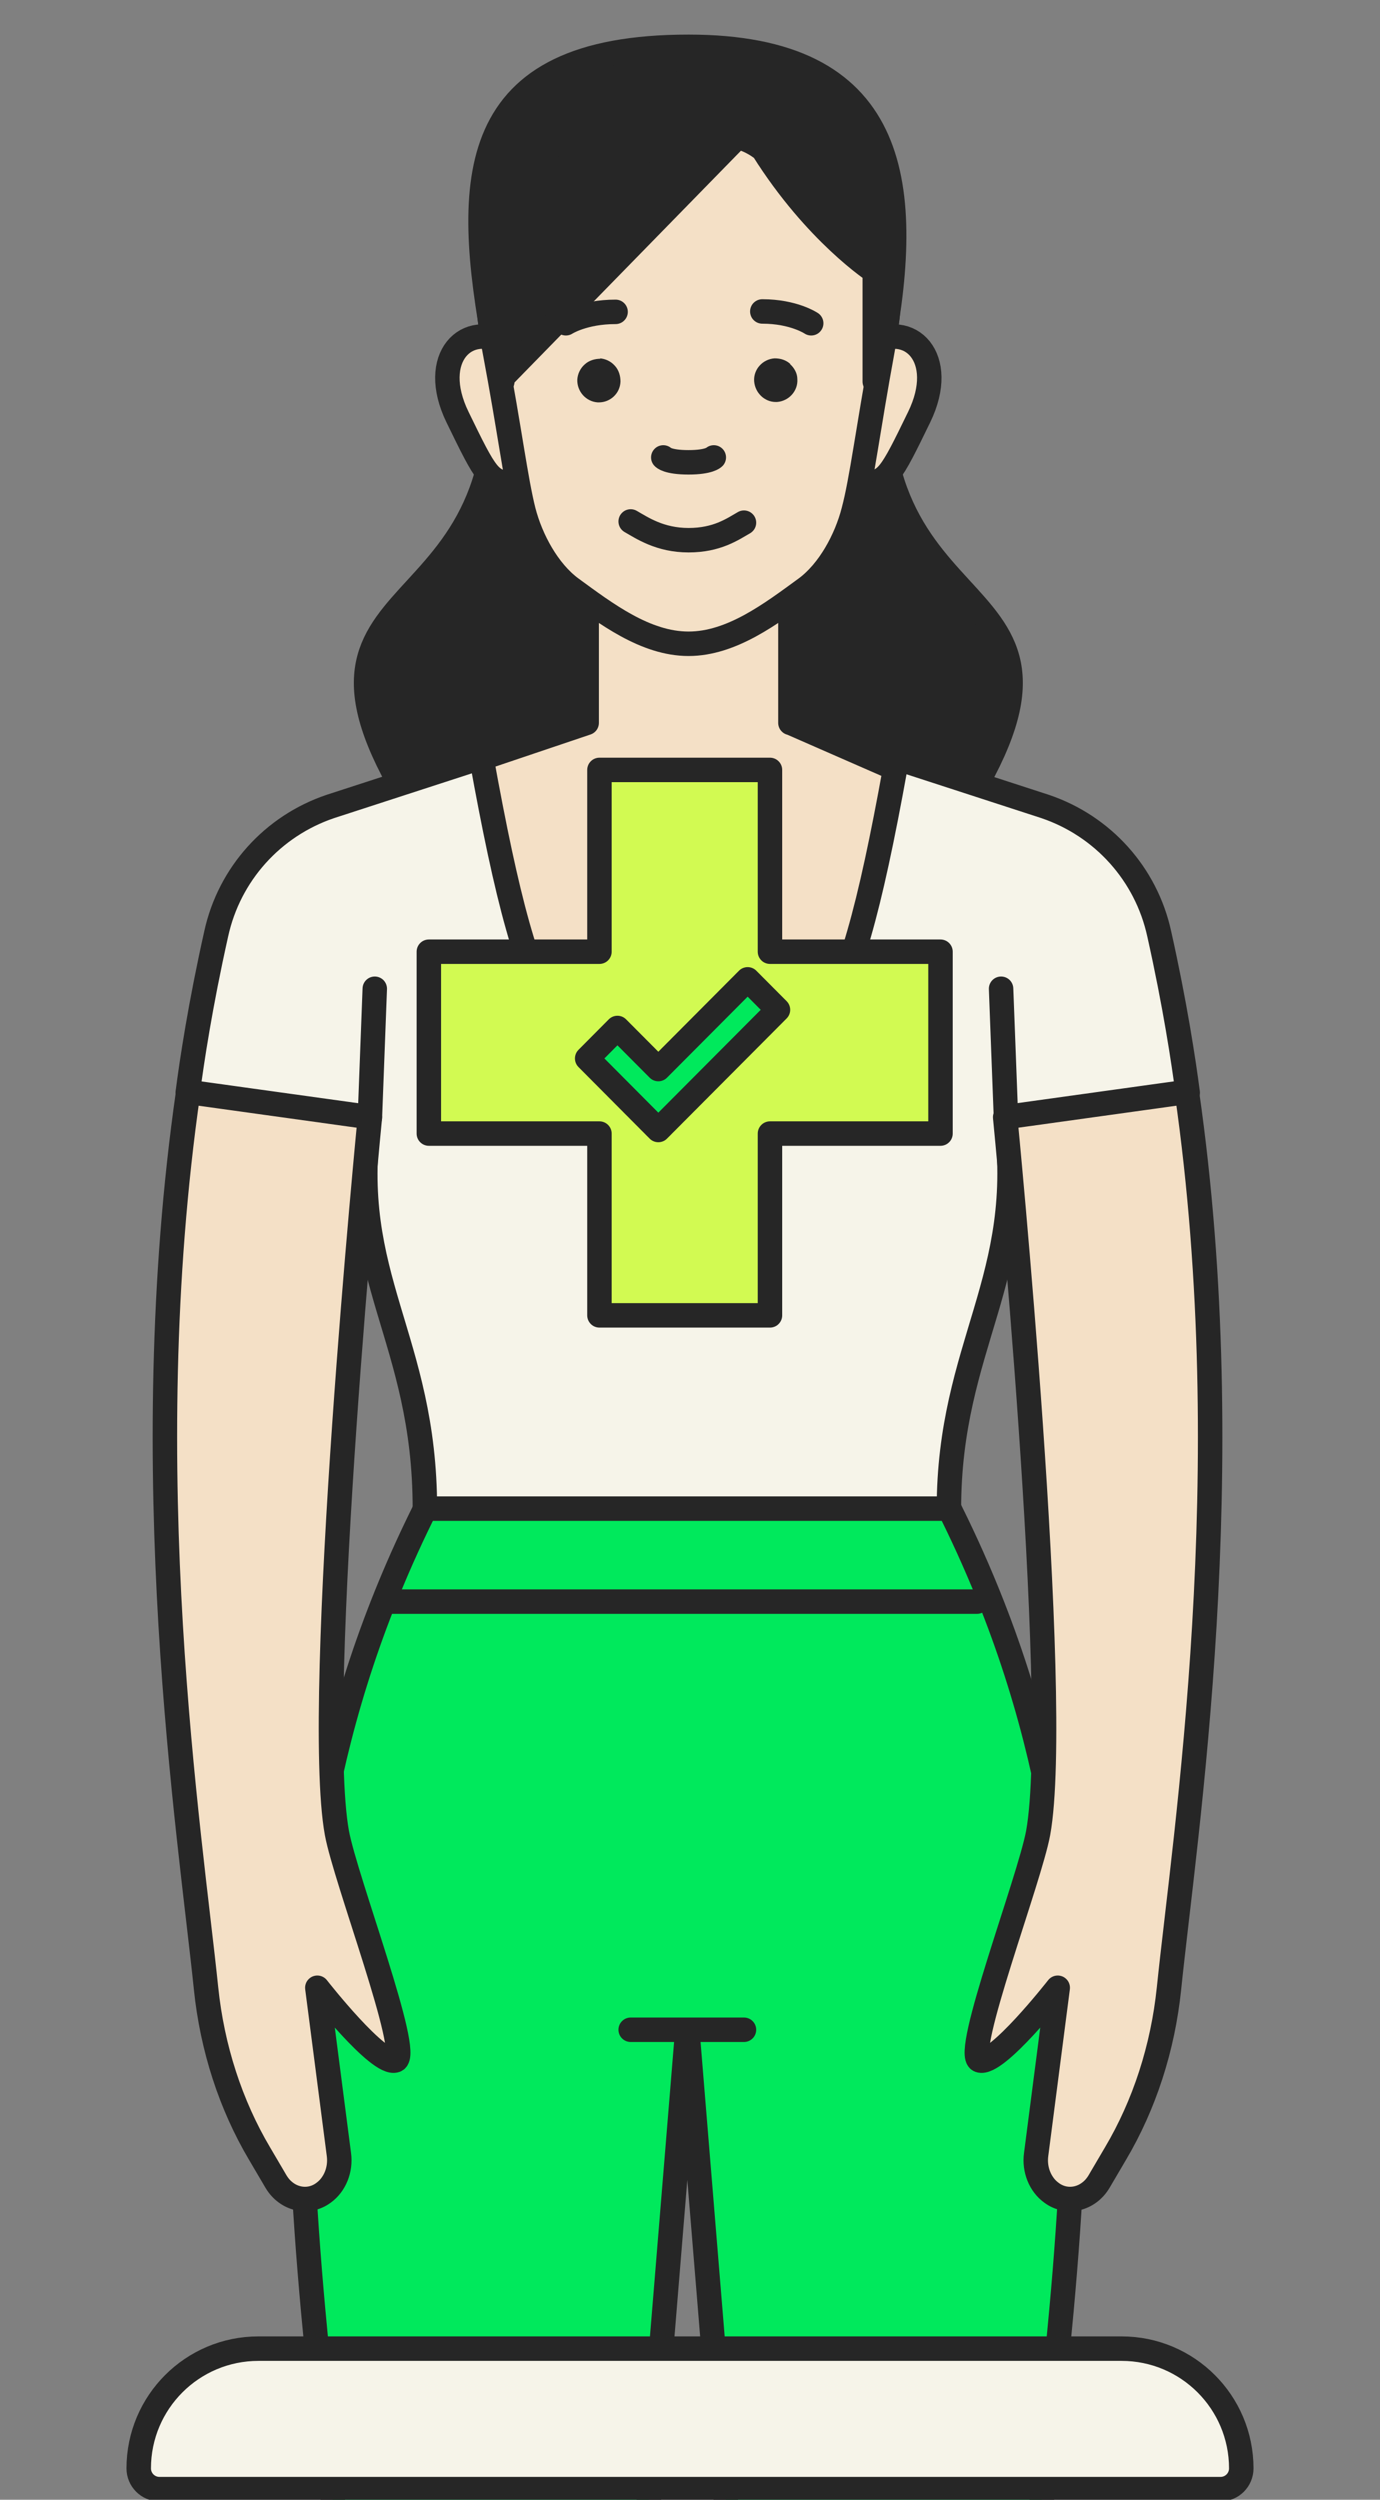 <svg width="137" height="248" viewBox="0 0 137 248" fill="none" xmlns="http://www.w3.org/2000/svg">
<rect x="0" y="0" width="137" height="248" fill="#808080" stroke="none"/>
<g clip-path="url(#clip0_33901_22815)">
<path d="M68.355 25.883C72.077 47.444 75.88 63.869 68.962 79.848C62.044 95.787 55.127 104.08 40.159 78.553C26.486 55.212 54.399 63.909 48.493 30.373C53.388 12.937 68.355 25.923 68.355 25.923V25.883Z" fill="#262626" stroke="#262626" stroke-width="2.427" stroke-linecap="round" stroke-linejoin="round"/>
<path d="M68.315 25.882C64.594 47.444 60.791 63.868 67.709 79.848C74.626 95.787 81.544 104.08 96.512 78.553C110.185 55.211 82.272 63.909 88.178 30.373C83.283 12.937 68.315 25.923 68.315 25.923V25.882Z" fill="#262626" stroke="#262626" stroke-width="2.427" stroke-linecap="round" stroke-linejoin="round"/>
<path d="M99.868 110.877L117.91 108.409C117.506 105.335 116.656 99.671 115.079 92.632C113.784 86.726 109.496 81.952 103.752 80.01L78.347 71.758L68.273 80.415L58.201 71.758L32.796 80.01C27.051 81.952 22.763 86.726 21.468 92.632C19.891 99.671 19.041 105.294 18.637 108.409L36.679 110.877C34.414 126.775 42.181 132.681 42.181 149.672C42.181 166.663 43.273 155.052 42.181 158.693C42.181 158.693 51.931 165.894 68.193 165.894C84.455 165.894 94.326 158.693 94.326 158.693C93.234 155.052 94.205 154.203 94.205 149.672C94.205 133.45 102.052 126.775 99.828 110.877H99.868Z" fill="#F6F4E9" stroke="#262626" stroke-width="2.427" stroke-linecap="round" stroke-linejoin="round"/>
<path d="M100.799 274.876C104.399 227.586 114.756 190.732 94.246 149.672H42.222C21.712 190.732 32.068 227.586 35.668 274.876C34.172 307.644 42.788 341.989 41.17 368.244H61.235C59.334 333.332 66.616 306.997 62.247 274.431L68.234 201.412L74.221 274.431C69.811 306.956 77.133 333.332 75.232 368.244H95.297C93.679 342.03 102.296 307.684 100.799 274.876Z" fill="#00E95C" stroke="#262626" stroke-width="2.427" stroke-linecap="round" stroke-linejoin="round"/>
<path d="M36.721 110.876L37.206 98.093" stroke="#262626" stroke-width="2.427" stroke-linecap="round" stroke-linejoin="round"/>
<path d="M18.678 108.369C13.257 146.072 18.88 181.954 20.458 197.286C21.065 203.152 22.885 208.816 25.798 213.71L27.416 216.461C28.468 218.201 30.572 218.686 32.109 217.554C33.242 216.745 33.848 215.248 33.646 213.751L31.502 197.205C31.502 197.205 37.611 205.013 39.269 204.406C40.928 203.799 34.293 186.485 33.444 181.833C31.057 168.645 36.721 110.836 36.721 110.836L18.678 108.328V108.369Z" fill="#F4E0C6" stroke="#262626" stroke-width="2.427" stroke-linecap="round" stroke-linejoin="round"/>
<path d="M117.83 108.369C123.251 146.072 117.628 181.954 116.051 197.286C115.444 203.152 113.623 208.816 110.711 213.71L109.093 216.461C108.041 218.201 105.937 218.686 104.4 217.554C103.267 216.745 102.66 215.248 102.863 213.751L105.007 197.205C105.007 197.205 98.898 205.013 97.24 204.406C95.581 203.799 102.215 186.485 103.065 181.833C105.452 168.645 99.788 110.836 99.788 110.836L117.83 108.328V108.369Z" fill="#F4E0C6" stroke="#262626" stroke-width="2.427" stroke-linecap="round" stroke-linejoin="round"/>
<path d="M99.868 110.876L99.383 98.093" stroke="#262626" stroke-width="2.427" stroke-linecap="round" stroke-linejoin="round"/>
<path d="M78.469 71.717V53.149L68.355 61.199L58.242 53.149V71.717L47.805 75.237C52.821 102.948 55.976 106.629 68.274 106.629H68.396C80.653 106.629 83.849 103.959 88.865 76.248L78.509 71.717H78.469Z" fill="#F4E0C6" stroke="#262626" stroke-width="2.427" stroke-linecap="round" stroke-linejoin="round"/>
<path d="M86.276 34.135C90.321 31.708 94.124 35.47 91.252 41.376C88.38 47.282 88.015 47.97 85.75 47.889C83.484 47.849 86.276 34.135 86.276 34.135Z" fill="#F4E0C6" stroke="#262626" stroke-width="2.427" stroke-linecap="round" stroke-linejoin="round"/>
<path d="M50.394 34.135C46.348 31.708 42.545 35.47 45.417 41.376C48.29 47.282 48.654 47.97 50.919 47.889C53.185 47.849 50.394 34.135 50.394 34.135Z" fill="#F4E0C6" stroke="#262626" stroke-width="2.427" stroke-linecap="round" stroke-linejoin="round"/>
<path d="M68.356 6.91C53.712 6.91 45.904 17.711 49.1 34.742C50.597 42.671 51.204 47.647 51.972 50.681C52.7 53.513 54.4 56.668 56.705 58.367C60.144 60.875 64.068 63.869 68.356 63.869C72.644 63.869 76.568 60.875 80.007 58.367C82.312 56.668 84.012 53.513 84.74 50.681C85.549 47.647 86.156 42.671 87.612 34.742C90.808 17.671 82.96 6.91 68.356 6.91Z" fill="#F4E0C6" stroke="#262626" stroke-width="2.427" stroke-linecap="round" stroke-linejoin="round"/>
<path d="M65.848 45.381C65.848 45.381 66.252 45.867 68.356 45.867C70.419 45.867 70.864 45.381 70.864 45.381" fill="#F6F4E9"/>
<path d="M65.848 45.381C65.848 45.381 66.252 45.867 68.356 45.867C70.419 45.867 70.864 45.381 70.864 45.381" stroke="#262626" stroke-width="2.427" stroke-linecap="round" stroke-linejoin="round"/>
<path d="M62.611 51.733C63.744 52.38 65.524 53.594 68.356 53.594C71.188 53.594 72.725 52.502 73.858 51.854" stroke="#262626" stroke-width="2.427" stroke-linecap="round" stroke-linejoin="round"/>
<path d="M56.178 32.072C56.178 32.072 57.917 30.939 61.113 30.939Z" fill="#262626"/>
<path d="M56.178 32.072C56.178 32.072 57.917 30.939 61.113 30.939" stroke="#262626" stroke-width="2.427" stroke-linecap="round" stroke-linejoin="round"/>
<path d="M80.532 32.072C80.532 32.072 78.793 30.899 75.678 30.899Z" fill="#262626"/>
<path d="M80.532 32.072C80.532 32.072 78.793 30.899 75.678 30.899" stroke="#262626" stroke-width="2.427" stroke-linecap="round" stroke-linejoin="round"/>
<path d="M68.356 4.645C46.106 4.645 46.025 17.752 49.181 34.783C49.383 35.794 49.545 36.765 49.706 37.655L49.868 37.857V26.934C49.868 26.934 55.249 26.934 55.775 21.069C61.236 16.659 70.297 10.47 75.758 14.839C80.977 23.132 86.843 26.934 86.843 26.934V37.857L87.005 37.655C87.167 36.724 87.329 35.794 87.531 34.783C90.727 17.792 88.866 4.645 68.356 4.645Z" fill="#262626"/>
<path d="M68.356 4.645V6.95M68.356 4.645C46.106 4.645 46.025 17.752 49.181 34.783C49.383 35.794 49.545 36.765 49.706 37.655L49.868 37.857V26.934C49.868 26.934 55.249 26.934 55.775 21.069C61.236 16.659 70.297 10.47 75.758 14.839C80.977 23.132 86.843 26.934 86.843 26.934V37.857L87.005 37.655C87.167 36.724 87.329 35.794 87.531 34.783C90.727 17.792 88.866 4.645 68.356 4.645Z" stroke="#262626" stroke-width="2.427" stroke-linecap="round" stroke-linejoin="round"/>
<path d="M72.804 13.989L49.705 37.614C49.705 37.614 51.526 19.248 54.559 17.266C57.594 15.243 72.804 13.989 72.804 13.989Z" fill="#262626" stroke="#262626" stroke-width="2.427" stroke-linecap="round" stroke-linejoin="round"/>
<path d="M38.946 158.896H96.997" stroke="#262626" stroke-width="2.427" stroke-linecap="round" stroke-linejoin="round"/>
<path d="M62.611 201.372H73.858" stroke="#262626" stroke-width="2.427" stroke-linecap="round" stroke-linejoin="round"/>
<path d="M78.468 36.118C78.023 35.713 77.498 35.551 76.891 35.551C75.718 35.632 74.787 36.644 74.868 37.817C74.949 38.949 75.879 39.88 77.012 39.88C78.145 39.88 77.093 39.88 77.133 39.88C78.307 39.799 79.237 38.788 79.156 37.614C79.156 37.048 78.873 36.522 78.428 36.118H78.468Z" fill="#262626"/>
<path d="M59.618 35.592C59.051 35.592 58.485 35.754 58.04 36.158C57.595 36.563 57.352 37.088 57.312 37.655C57.271 38.828 58.161 39.839 59.335 39.92C59.335 39.92 59.415 39.92 59.456 39.92C60.589 39.92 61.559 39.03 61.6 37.857C61.6 37.291 61.438 36.724 61.034 36.279C60.629 35.834 60.103 35.592 59.537 35.551L59.618 35.592Z" fill="#262626"/>
<path d="M93.368 94.419H76.439V76.384H59.51V94.419H42.574V112.462H59.51V130.497H76.439V112.462H93.368V94.419Z" fill="#D2FA52" stroke="#262626" stroke-width="2.427" stroke-linecap="round" stroke-linejoin="round"/>
<path d="M65.356 112.107L58.291 105.008L61.296 101.986L65.356 106.062L74.223 97.16L77.234 100.183L65.356 112.107Z" fill="#00E95C" stroke="#262626" stroke-width="2.427" stroke-linecap="round" stroke-linejoin="round"/>
<path d="M25.653 233.009H111.347C117.909 233.009 123.228 238.328 123.228 244.89C123.228 246.027 122.307 246.949 121.169 246.949H15.831C14.694 246.949 13.772 246.027 13.772 244.89C13.772 238.328 19.091 233.009 25.653 233.009Z" fill="#F6F4E9" stroke="#262626" stroke-width="2.43"/>
</g>
<defs>
<clipPath id="clip0_33901_22815">
<rect width="136" height="248" fill="white" transform="translate(0.5)"/>
</clipPath>
</defs>
</svg>

########################################

■ What you need to do ■
If a line in the data above holds the string "rect", copy it.

■ Result ■
<rect x="0" y="0" width="137" height="248" fill="#808080" stroke="none"/>
<rect width="136" height="248" fill="white" transform="translate(0.5)"/>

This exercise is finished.